Como é difícil implementar o Princípio Constitucional da Eficiência. Na verdade, sobre vaidade e falta profissionalismo no Serviço Público Brasileiro, especialmente no Poder Judiciário. Contudo, desejo que essas mudanças produzam efeitos positivos, muito embora ainda há muito para ser mudado.
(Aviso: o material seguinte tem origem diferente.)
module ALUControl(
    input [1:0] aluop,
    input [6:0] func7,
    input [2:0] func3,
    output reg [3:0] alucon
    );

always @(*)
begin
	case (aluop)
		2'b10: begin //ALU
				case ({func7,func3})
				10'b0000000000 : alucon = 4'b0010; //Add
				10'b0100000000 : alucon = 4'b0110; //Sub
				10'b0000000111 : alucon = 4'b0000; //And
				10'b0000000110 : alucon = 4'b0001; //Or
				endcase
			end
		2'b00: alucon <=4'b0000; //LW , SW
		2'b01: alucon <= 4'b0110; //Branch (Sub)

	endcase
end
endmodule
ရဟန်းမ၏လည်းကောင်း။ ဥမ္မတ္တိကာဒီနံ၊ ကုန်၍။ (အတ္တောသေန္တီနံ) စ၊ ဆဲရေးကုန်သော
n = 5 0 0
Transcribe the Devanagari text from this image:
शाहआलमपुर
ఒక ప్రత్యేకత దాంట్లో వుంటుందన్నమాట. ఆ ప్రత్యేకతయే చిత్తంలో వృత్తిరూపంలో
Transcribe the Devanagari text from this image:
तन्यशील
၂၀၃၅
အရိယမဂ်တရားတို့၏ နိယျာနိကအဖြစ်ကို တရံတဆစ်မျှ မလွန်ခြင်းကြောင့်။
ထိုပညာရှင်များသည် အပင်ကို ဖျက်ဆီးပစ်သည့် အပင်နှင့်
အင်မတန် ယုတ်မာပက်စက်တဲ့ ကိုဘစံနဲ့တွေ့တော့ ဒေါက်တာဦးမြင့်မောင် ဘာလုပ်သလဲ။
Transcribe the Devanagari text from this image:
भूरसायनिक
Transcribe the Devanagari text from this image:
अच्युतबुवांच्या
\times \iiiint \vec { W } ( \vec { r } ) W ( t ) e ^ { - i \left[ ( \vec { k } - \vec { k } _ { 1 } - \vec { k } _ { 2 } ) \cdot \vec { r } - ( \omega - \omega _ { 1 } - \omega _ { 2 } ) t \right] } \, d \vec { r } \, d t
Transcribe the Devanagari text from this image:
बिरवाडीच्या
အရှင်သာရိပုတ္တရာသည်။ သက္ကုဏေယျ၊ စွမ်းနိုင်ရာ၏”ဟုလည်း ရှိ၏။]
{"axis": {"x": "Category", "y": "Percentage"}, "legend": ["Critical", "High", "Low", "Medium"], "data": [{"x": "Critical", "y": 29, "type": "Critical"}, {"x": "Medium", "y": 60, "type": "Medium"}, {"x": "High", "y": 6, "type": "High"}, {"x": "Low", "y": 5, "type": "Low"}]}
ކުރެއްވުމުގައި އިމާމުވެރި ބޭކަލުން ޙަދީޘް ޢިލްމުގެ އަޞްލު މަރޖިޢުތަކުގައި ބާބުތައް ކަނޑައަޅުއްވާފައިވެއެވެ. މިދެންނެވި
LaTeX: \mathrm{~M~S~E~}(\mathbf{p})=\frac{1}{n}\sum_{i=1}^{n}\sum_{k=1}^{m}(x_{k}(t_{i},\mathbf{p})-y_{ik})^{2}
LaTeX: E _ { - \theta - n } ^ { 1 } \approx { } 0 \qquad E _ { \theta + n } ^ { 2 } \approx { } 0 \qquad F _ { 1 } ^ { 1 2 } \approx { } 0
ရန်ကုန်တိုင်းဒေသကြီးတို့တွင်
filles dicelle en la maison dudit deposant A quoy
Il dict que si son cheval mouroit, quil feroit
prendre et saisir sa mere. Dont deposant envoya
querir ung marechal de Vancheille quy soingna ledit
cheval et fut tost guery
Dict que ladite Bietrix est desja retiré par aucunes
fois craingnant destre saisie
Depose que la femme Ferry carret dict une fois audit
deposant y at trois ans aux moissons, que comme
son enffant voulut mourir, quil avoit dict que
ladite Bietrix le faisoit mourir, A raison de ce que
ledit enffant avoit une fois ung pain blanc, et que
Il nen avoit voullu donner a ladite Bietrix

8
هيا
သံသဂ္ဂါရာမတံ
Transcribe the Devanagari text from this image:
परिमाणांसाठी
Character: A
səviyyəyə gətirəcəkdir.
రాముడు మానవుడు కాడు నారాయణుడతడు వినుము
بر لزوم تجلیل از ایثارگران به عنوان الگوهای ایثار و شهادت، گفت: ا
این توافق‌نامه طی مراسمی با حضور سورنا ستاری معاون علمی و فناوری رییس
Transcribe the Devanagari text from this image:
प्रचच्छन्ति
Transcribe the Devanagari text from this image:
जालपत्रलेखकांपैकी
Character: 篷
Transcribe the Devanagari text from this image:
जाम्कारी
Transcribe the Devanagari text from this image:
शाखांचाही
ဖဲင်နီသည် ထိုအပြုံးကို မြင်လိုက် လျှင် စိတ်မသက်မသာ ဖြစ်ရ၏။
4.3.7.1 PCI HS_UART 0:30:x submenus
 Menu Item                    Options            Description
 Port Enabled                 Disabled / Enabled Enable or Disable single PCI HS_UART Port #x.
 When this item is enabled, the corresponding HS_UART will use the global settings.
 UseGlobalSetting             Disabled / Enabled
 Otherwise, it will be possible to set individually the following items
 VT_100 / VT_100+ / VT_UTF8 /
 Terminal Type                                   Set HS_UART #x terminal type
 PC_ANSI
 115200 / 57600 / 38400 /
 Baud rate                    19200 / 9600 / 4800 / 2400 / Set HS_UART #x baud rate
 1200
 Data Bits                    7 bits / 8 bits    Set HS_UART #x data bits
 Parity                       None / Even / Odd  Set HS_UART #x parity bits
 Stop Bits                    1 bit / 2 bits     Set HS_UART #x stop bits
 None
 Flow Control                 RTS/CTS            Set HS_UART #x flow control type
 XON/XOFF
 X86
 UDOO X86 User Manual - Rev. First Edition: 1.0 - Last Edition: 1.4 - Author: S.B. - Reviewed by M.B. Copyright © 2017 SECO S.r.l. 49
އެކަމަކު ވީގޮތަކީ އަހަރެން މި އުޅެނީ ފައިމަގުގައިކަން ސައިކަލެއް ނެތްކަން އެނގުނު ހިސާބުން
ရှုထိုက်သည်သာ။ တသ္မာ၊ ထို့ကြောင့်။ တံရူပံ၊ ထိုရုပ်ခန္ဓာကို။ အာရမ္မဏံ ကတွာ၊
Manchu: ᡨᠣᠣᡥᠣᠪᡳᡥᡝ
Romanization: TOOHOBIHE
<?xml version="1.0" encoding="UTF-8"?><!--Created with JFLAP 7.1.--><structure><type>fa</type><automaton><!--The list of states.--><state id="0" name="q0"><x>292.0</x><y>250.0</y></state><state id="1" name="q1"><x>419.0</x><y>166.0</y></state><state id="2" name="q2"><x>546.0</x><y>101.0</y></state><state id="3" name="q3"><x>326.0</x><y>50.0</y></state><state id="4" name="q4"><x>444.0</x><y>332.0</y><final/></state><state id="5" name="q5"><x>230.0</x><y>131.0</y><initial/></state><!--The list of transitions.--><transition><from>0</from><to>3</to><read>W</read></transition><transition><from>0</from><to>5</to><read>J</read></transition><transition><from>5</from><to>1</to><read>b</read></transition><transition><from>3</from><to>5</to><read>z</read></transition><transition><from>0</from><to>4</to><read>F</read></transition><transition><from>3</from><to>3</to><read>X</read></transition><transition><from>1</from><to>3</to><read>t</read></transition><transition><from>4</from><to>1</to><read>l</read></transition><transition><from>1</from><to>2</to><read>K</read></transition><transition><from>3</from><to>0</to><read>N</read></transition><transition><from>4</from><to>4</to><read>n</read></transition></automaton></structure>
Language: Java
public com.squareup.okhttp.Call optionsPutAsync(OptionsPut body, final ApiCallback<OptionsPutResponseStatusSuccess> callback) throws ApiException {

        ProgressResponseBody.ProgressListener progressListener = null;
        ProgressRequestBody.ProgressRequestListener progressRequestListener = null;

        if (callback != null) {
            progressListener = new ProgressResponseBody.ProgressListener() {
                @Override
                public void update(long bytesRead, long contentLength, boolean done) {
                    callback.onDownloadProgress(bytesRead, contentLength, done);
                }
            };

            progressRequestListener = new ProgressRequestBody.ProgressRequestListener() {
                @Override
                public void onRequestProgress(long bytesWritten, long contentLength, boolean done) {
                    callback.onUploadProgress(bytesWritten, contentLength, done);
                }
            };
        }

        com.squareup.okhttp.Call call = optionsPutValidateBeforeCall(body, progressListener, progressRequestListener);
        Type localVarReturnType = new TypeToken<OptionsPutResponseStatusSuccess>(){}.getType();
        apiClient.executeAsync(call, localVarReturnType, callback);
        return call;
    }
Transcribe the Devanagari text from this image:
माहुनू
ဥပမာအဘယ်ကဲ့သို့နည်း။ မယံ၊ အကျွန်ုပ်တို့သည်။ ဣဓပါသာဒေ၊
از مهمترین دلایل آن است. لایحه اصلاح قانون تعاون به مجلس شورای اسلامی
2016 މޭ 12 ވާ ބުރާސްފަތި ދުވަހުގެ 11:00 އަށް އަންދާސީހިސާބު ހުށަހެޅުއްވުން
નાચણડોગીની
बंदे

Tomem como um exemplo simples a carga horária de trabalho/atendimento de Magistrados e Servidores: 6 horas/dia, enquanto o resto do país trabalha no mínimo 8 horas/dia.

analucia (Família 19/08/2008 - 08:59

fr. bezerra náo há falta de escreventes, pois o Ministério da Justiça já identificou que temos a maior média mundial de servidores do judiciário do mundo. Na verdade há é excesso de processos em razáo da falta de critérios para a concessáo da gratuidade. É preciso estabelecer mais rigor na concessáo de gratuidade e também aplicar puniçoes para quem retarda os pagamentos pela via judicial. Realmente o processo penal que reouve todas as testemunhas precisa ser repensado. Outro problema é que o CNJ precisa regulamentar quais atos sáo ordinatórios (art. 162, §4º, do CPC), pois seria uma revoluçáo silenciosa e sem custo.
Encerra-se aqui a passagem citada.